Steel is iron with added carbon.
You still have to add carbon in the form of coal or coke.
https://en.wikipedia.org/wiki/Electric_arc_furnace#Operation, para 5.

Indeed so, but in vastly less quantity and greatly less pollution than using coke also as the fuel...

The only way for the new coal mine to be viable is to burn the vastly greater quantities needed for keeping the dirty antique furnaces burning.

Very much indeed so:


Cumbria coal mine: Climate tsar urged to quit over 'reckless' plan
wrote:
... They say it will produce coking coal for the UK's steel industry, and save on imports.
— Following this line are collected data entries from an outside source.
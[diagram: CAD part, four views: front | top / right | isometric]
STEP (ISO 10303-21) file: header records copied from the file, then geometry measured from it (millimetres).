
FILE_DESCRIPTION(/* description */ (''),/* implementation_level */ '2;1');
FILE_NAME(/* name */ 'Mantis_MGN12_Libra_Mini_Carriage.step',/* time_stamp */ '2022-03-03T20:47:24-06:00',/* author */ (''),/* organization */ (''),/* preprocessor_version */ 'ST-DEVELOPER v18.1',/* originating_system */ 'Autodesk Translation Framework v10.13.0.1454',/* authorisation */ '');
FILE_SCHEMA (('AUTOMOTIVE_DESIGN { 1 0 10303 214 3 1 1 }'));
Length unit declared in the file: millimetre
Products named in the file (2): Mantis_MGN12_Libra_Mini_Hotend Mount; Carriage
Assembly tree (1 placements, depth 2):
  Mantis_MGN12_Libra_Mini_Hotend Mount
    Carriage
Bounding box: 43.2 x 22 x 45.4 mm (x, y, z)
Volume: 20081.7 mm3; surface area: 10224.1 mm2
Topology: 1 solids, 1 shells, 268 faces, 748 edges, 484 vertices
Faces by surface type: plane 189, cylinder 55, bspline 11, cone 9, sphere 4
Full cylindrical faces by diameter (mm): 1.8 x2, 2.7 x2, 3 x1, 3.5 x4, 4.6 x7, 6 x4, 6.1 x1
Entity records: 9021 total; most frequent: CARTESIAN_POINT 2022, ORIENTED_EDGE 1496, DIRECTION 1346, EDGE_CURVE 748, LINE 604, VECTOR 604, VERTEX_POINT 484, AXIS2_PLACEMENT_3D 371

But the government's advisors, the Climate Change Committee, said 85% of the Cumbrian coal would be exported.

They said the UK steel industry needs to be using clean technologies by 2035, whereas the mine has been consented to 2049...

Alternatively, cleanly, we have:

Fossil free steel. Another giant step towards net carbon zero?
wrote:
Steel has become an essential material in our modern world. But the steel making industry is responsible for 7% of all global greenhouse gas emissions... A solution has been found though, and it replaces carbon with hydrogen...



To continue to stay with the dirty old fossils: All a game of corruptly 'sweating' dirty old 'assets' for short term profit and the world be damned?...

Very dirty indeed!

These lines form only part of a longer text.